In 1978 it enjoyed a gain of 645 per cent, following up with 366 per cent the next year. In the perhaps more subdued climate of 1992, it has emerged top of a mixed pile of second-liners with a 380 per cent improvement that tends to overstate a gain to just 12p.
B&J's success will be little, if any, consolation to any longstanding shareholder who failed to snatch profits in the glamour years following Jim Slater's fall from grace.
The Slater touch eluded B&J. But it came under the influence of two whizzkid accountants who had clearly felt the influence of the master. Christopher Bailey and Brian Duffy transformed B&J from a dull civil engineering group into a mini-conglomerate, spreading from footwear importing to used car warranties.
But what goes up . . . By 1980 the Bailey/Duffy experience was associated with the stench of burnt fingers.
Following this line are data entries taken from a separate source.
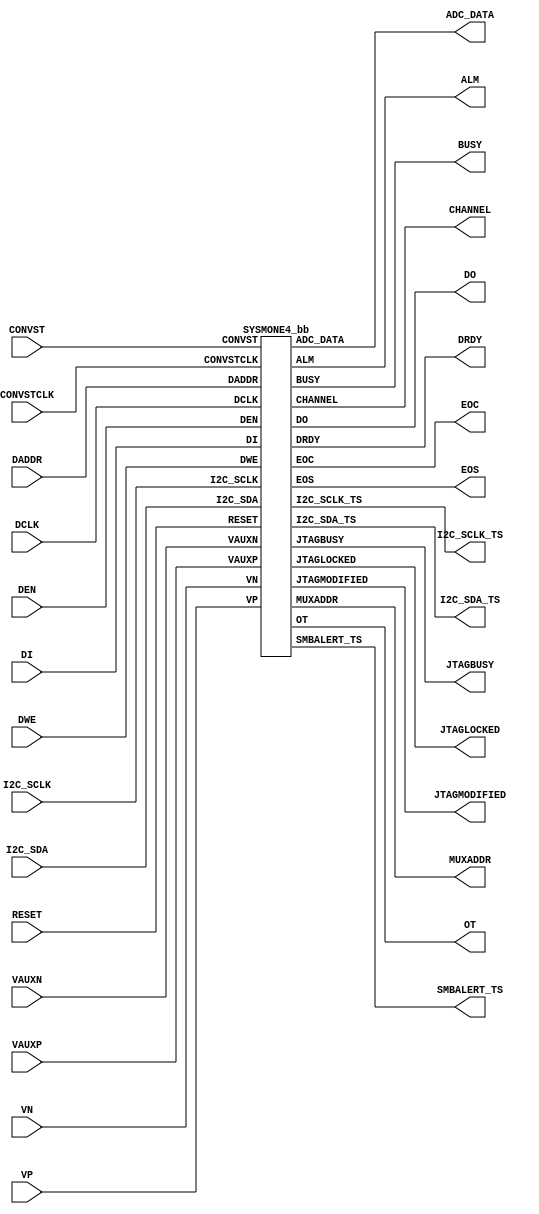
///////////////////////////////////////////////////////////////////////////////
//  Copyright (c) 1995/2016 Xilinx, Inc.
//  All Right Reserved.
///////////////////////////////////////////////////////////////////////////////
//   ____  ____
//  /   /\/   /
// /___/  \  /     Vendor      : Xilinx
// \   \   \/      Version     : 2016.1
//  \   \          Description : Xilinx Formal Library Component
//  /   /                        System Monitor 
// /___/   /\      Filename    : SYSMONE4.v
// \   \  /  \    
//  \___\/\___\
//
///////////////////////////////////////////////////////////////////////////////
// Revision:
//    03/17/15 - Initial version.
//    06/19/15 - 864019 - ADC_DATA synchronized to rising edge of EOC.
// End Revision
///////////////////////////////////////////////////////////////////////////////

`timescale 1ps / 1ps

`celldefine

  module SYSMONE4 #(
`ifdef XIL_TIMING
    parameter LOC = "UNPLACED",
`endif
    parameter [15:0] COMMON_N_SOURCE = 16'hFFFF,            
    parameter [15:0] INIT_40 = 16'h0000,
    parameter [15:0] INIT_41 = 16'h0000,
    parameter [15:0] INIT_42 = 16'h0000,
    parameter [15:0] INIT_43 = 16'h0000,
    parameter [15:0] INIT_44 = 16'h0000,
    parameter [15:0] INIT_45 = 16'h0000,
    parameter [15:0] INIT_46 = 16'h0000,
    parameter [15:0] INIT_47 = 16'h0000,
    parameter [15:0] INIT_48 = 16'h0000,
    parameter [15:0] INIT_49 = 16'h0000,
    parameter [15:0] INIT_4A = 16'h0000,
    parameter [15:0] INIT_4B = 16'h0000,
    parameter [15:0] INIT_4C = 16'h0000,
    parameter [15:0] INIT_4D = 16'h0000,
    parameter [15:0] INIT_4E = 16'h0000,
    parameter [15:0] INIT_4F = 16'h0000,
    parameter [15:0] INIT_50 = 16'h0000,
    parameter [15:0] INIT_51 = 16'h0000,
    parameter [15:0] INIT_52 = 16'h0000,
    parameter [15:0] INIT_53 = 16'h0000,
    parameter [15:0] INIT_54 = 16'h0000,
    parameter [15:0] INIT_55 = 16'h0000,
    parameter [15:0] INIT_56 = 16'h0000,
    parameter [15:0] INIT_57 = 16'h0000,
    parameter [15:0] INIT_58 = 16'h0000,
    parameter [15:0] INIT_59 = 16'h0000,
    parameter [15:0] INIT_5A = 16'h0000,
    parameter [15:0] INIT_5B = 16'h0000,
    parameter [15:0] INIT_5C = 16'h0000,
    parameter [15:0] INIT_5D = 16'h0000,
    parameter [15:0] INIT_5E = 16'h0000,
    parameter [15:0] INIT_5F = 16'h0000,
    parameter [15:0] INIT_60 = 16'h0000,
    parameter [15:0] INIT_61 = 16'h0000,
    parameter [15:0] INIT_62 = 16'h0000,
    parameter [15:0] INIT_63 = 16'h0000,
    parameter [15:0] INIT_64 = 16'h0000,
    parameter [15:0] INIT_65 = 16'h0000,
    parameter [15:0] INIT_66 = 16'h0000,
    parameter [15:0] INIT_67 = 16'h0000,
    parameter [15:0] INIT_68 = 16'h0000,
    parameter [15:0] INIT_69 = 16'h0000,
    parameter [15:0] INIT_6A = 16'h0000,
    parameter [15:0] INIT_6B = 16'h0000,
    parameter [15:0] INIT_6C = 16'h0000,
    parameter [15:0] INIT_6D = 16'h0000,
    parameter [15:0] INIT_6E = 16'h0000,
    parameter [15:0] INIT_6F = 16'h0000,
    parameter [15:0] INIT_70 = 16'h0000,
    parameter [15:0] INIT_71 = 16'h0000,
    parameter [15:0] INIT_72 = 16'h0000,
    parameter [15:0] INIT_73 = 16'h0000,
    parameter [15:0] INIT_74 = 16'h0000,
    parameter [15:0] INIT_75 = 16'h0000,
    parameter [15:0] INIT_76 = 16'h0000,
    parameter [15:0] INIT_77 = 16'h0000,
    parameter [15:0] INIT_78 = 16'h0000,
    parameter [15:0] INIT_79 = 16'h0000,
    parameter [15:0] INIT_7A = 16'h0000,
    parameter [15:0] INIT_7B = 16'h0000,
    parameter [15:0] INIT_7C = 16'h0000,
    parameter [15:0] INIT_7D = 16'h0000,
    parameter [15:0] INIT_7E = 16'h0000,
    parameter [15:0] INIT_7F = 16'h0000,
    parameter [0:0] IS_CONVSTCLK_INVERTED = 1'b0,
    parameter [0:0] IS_DCLK_INVERTED = 1'b0,
    parameter SIM_DEVICE = "ULTRASCALE_PLUS",   
    parameter SIM_MONITOR_FILE = "design.txt",
    parameter integer SYSMON_VUSER0_BANK = 0,
    parameter SYSMON_VUSER0_MONITOR = "NONE",
    parameter integer SYSMON_VUSER1_BANK = 0,
    parameter SYSMON_VUSER1_MONITOR = "NONE",
    parameter integer SYSMON_VUSER2_BANK = 0,
    parameter SYSMON_VUSER2_MONITOR = "NONE",
    parameter integer SYSMON_VUSER3_BANK = 0,
    parameter SYSMON_VUSER3_MONITOR = "NONE"        
)(
  output [15:0] ADC_DATA,
  output [15:0] ALM,
  output BUSY,
  output [5:0] CHANNEL,
  output [15:0] DO,
  output DRDY,
  output EOC,
  output EOS,
  output I2C_SCLK_TS,
  output I2C_SDA_TS,
  output JTAGBUSY,
  output JTAGLOCKED,
  output JTAGMODIFIED,
  output [4:0] MUXADDR,
  output OT,
  output SMBALERT_TS,
  
  input CONVST,
  input CONVSTCLK,
  input [7:0] DADDR,
  input DCLK,
  input DEN,
  input [15:0] DI,
  input DWE,
  input I2C_SCLK,
  input I2C_SDA,
  input RESET,
  input [15:0] VAUXN,
  input [15:0] VAUXP,
  input VN,
  input VP
  );


   wire DCLK_in;
   wire CONVSTCLK_in;
   
   assign DCLK_in = DCLK ^ IS_DCLK_INVERTED;
   assign CONVSTCLK_in = CONVSTCLK ^ IS_CONVSTCLK_INVERTED;

   SYSMONE4_bb inst_bb (
            .ADC_DATA(ADC_DATA),
            .ALM(ALM),
            .BUSY(BUSY),
            .CHANNEL(CHANNEL),
            .DO(DO),
            .DRDY(DRDY),
            .EOC(EOC),
            .EOS(EOS),
            .I2C_SCLK_TS(I2C_SCLK_TS),
            .I2C_SDA_TS(I2C_SDA_TS),
            .JTAGBUSY(JTAGBUSY),
            .JTAGLOCKED(JTAGLOCKED),
            .JTAGMODIFIED(JTAGMODIFIED),
            .MUXADDR(MUXADDR),
            .OT(OT),
            .SMBALERT_TS(SMBALERT_TS),
            .CONVST(CONVST),
            .CONVSTCLK(CONVSTCLK_in),
            .DADDR(DADDR),
            .DCLK(DCLK_in),
            .DEN(DEN),
            .DI(DI),
            .DWE(DWE),
            .I2C_SCLK(I2C_SCLK),
            .I2C_SDA(I2C_SDA),
            .RESET(RESET),
            .VAUXN(VAUXN),
            .VAUXP(VAUXP),
            .VN(VN),
            .VP(VP)
            );

endmodule 

module SYSMONE4_bb (
  output [15:0] ADC_DATA,
  output [15:0] ALM,
  output BUSY,
  output [5:0] CHANNEL,
  output [15:0] DO,
  output DRDY,
  output EOC,
  output EOS,
  output I2C_SCLK_TS,
  output I2C_SDA_TS,
  output JTAGBUSY,
  output JTAGLOCKED,
  output JTAGMODIFIED,
  output [4:0] MUXADDR,
  output OT,
  output SMBALERT_TS,
  
  input CONVST,
  input CONVSTCLK,
  input [7:0] DADDR,
  input DCLK,
  input DEN,
  input [15:0] DI,
  input DWE,
  input I2C_SCLK,
  input I2C_SDA,
  input RESET,
  input [15:0] VAUXN,
  input [15:0] VAUXP,
  input VN,
  input VP
);

endmodule 

`endcelldefine

The group plunged into the red, its shares slumped and it had to find the cash to complete many of its early, seemingly enticing acquisitions.
B&J was back in the doldrums. It changed its shape, buying and selling businesses, and with Mr Duffy at the helm achieved in 1989 an astonishing transformation, splashing out pounds 72.2m mostly in shares for Poundstretcher, the retailing chain that formed part of the oft-rescued but in the end spectacular failure, the Lowndes Queensway furniture group.
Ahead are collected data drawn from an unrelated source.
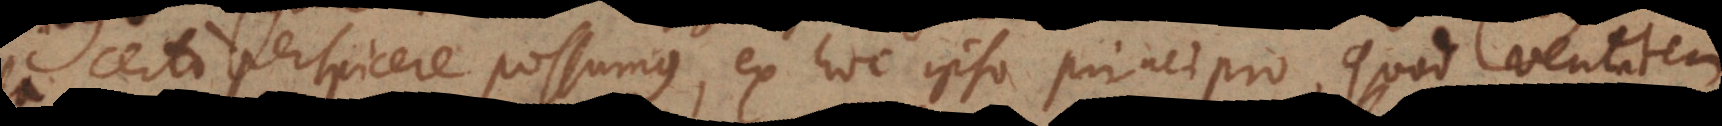
certo perspicere possumus, ex hoc ipso principio, quod veritatem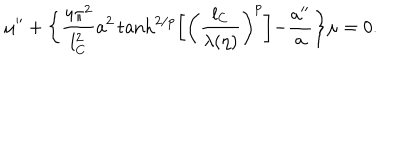
\mu ^ { \prime \prime } + \biggl \{ \frac { 4 \pi ^ { 2 } } { l _ { \mathrm { C } } ^ { 2 } } a ^ { 2 } \tanh ^ { 2 / p } \biggl [ \biggl ( \frac { l _ { \mathrm { C } } } { \lambda ( \eta ) } \biggr ) ^ { p } \biggl ] - \frac { a ^ { \prime \prime } } { a } \biggr \} \mu = 0 .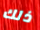
ذلك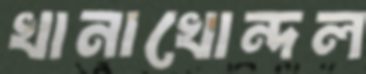
খানাখোন্দল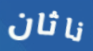
ناثان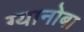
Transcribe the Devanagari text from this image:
ग्यानोबा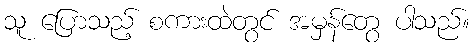
သူ ပြောသည့် စကားထဲတွင် အမှန်တွေ ပါသည်။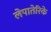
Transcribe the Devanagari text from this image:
लेपातेरिके

The Poundstretcher acquisition did not remove B&J's apparently insatiable desire for change. The long-serving Mr Duffy departed, buying - with Mr Bailey and Stephen Boler, another entrepreneur of the 1980s - a security alarms business they had sold to B&J only three years earlier.
Losses hit almost pounds 15m, and to stay afloat B&J had to undergo the inevitable capital restructuring. Another loss is expected but, quite clearly, B&J's share performance indicates its recovery attractions.
TVS Entertainment, about to give up its commercial TV franchise, is in second spot, courtesy of a US takeover bid.
In third position and for a time looking a surefire winner, is one of the most bizarre shares to force its way into the top 10 - Tanjong, once a tin miner, now more like the Ladbroke Group of the Far East. Tanjong maintains the yearly ups-and-downs reputation for promoting the strange, the obscure, even the fascinating.
It does embrace the advantages of being a tiddler among tiddlers - its capitalisation is less than pounds 1m - and having only a token share presence, with London mirroring its Kuala Lumpur share home.
It claims its place on the back of the Far Eastern fascination with gambling.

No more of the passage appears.